TASK BRIEF: Copy the entries exactly. Their pictures do not belong in the copy.

(Extracted records)

====

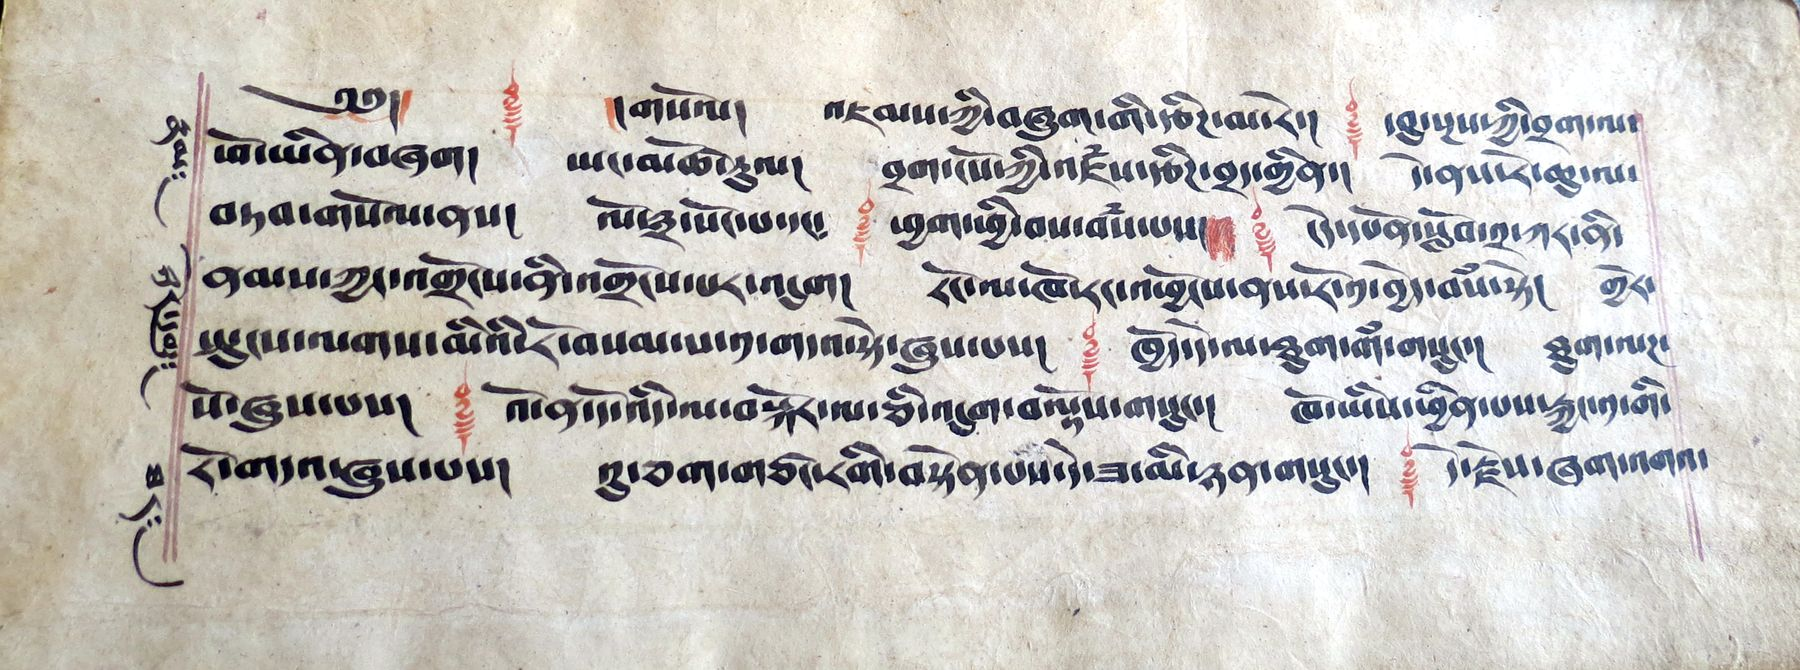གསོལ། འཇམ་གྱི་གཞུག་གི་རྩིག་མ་རེ། དབུ་བསྔས་ཀྱི་བྲག་ལ་
ཕོ་ཡིན་བཞག ཡང་མཚོ་རུལ། བྲག་ངོས་ཀྱི་འཇམ་རྩིག་བྲད་ནས། དེ་ཆུ་ལ་
བཏབ་ཀྱིན་གསོལ་ནས། ལོ་གསུམ་སོང་བ་དང་། ཕྱག་ཕྱི་བའི་བསམ་པས། ངེད་དཔོན་སློབ་གཉིས་ཀར་ནི་
ནམ་ཀྱང་འགྲོངས་ནི་འགྲོངས་པར་འདུག། དང་ལ་ཁོ་རང་མཆོངས་ནས་རོ་ཞིག་བྱེད་བསམ་སྟེ། གྱེར་
སྤུངས་ལགས་མི་ཡི་རོ་གསར་པ་ཞིག་གདའ་སྟེ་ཞུས་པས། ཁྱོད་དེ་ལ་ཐུག་གམ་གསུངས། ཐུག་ལགས་
སོ་ཞུས་པས། འོ་ན་དོ་འདི་ལ་བསྐོར་ལ་ཅི་འདུག་ལྟོས་གསུངས། ཁོས་ཕྱིན་པས་རྐྱང་གཅིག་གི་
རོ་ཞིག་གདའ་ཞུས་པས། དེ་འུ་བུ་གཙང་རིགས་བརྟེན་པས་ཟ་མི་ཉན་གསུངས། དེ་རྗེས་ཞག་འགའ་

====

REPLY TO THE EXERCISE:
གསོལ། འཇམ་གྱི་གཞུག་གི་རྩིག་མ་རེ། དབུ་བསྔས་ཀྱི་བྲག་ལ་
ཕོ་ཡིན་བཞག ཡང་མཚོ་རུལ། བྲག་ངོས་ཀྱི་འཇམ་རྩིག་བྲད་ནས། དེ་ཆུ་ལ་
བཏབ་ཀྱིན་གསོལ་ནས། ལོ་གསུམ་སོང་བ་དང་། ཕྱག་ཕྱི་བའི་བསམ་པས། ངེད་དཔོན་སློབ་གཉིས་ཀར་ནི་
ནམ་ཀྱང་འགྲོངས་ནི་འགྲོངས་པར་འདུག། དང་ལ་ཁོ་རང་མཆོངས་ནས་རོ་ཞིག་བྱེད་བསམ་སྟེ། གྱེར་
སྤུངས་ལགས་མི་ཡི་རོ་གསར་པ་ཞིག་གདའ་སྟེ་ཞུས་པས། ཁྱོད་དེ་ལ་ཐུག་གམ་གསུངས། ཐུག་ལགས་
སོ་ཞུས་པས། འོ་ན་དོ་འདི་ལ་བསྐོར་ལ་ཅི་འདུག་ལྟོས་གསུངས། ཁོས་ཕྱིན་པས་རྐྱང་གཅིག་གི་
རོ་ཞིག་གདའ་ཞུས་པས། དེ་འུ་བུ་གཙང་རིགས་བརྟེན་པས་ཟ་མི་ཉན་གསུངས། དེ་རྗེས་ཞག་འགའ་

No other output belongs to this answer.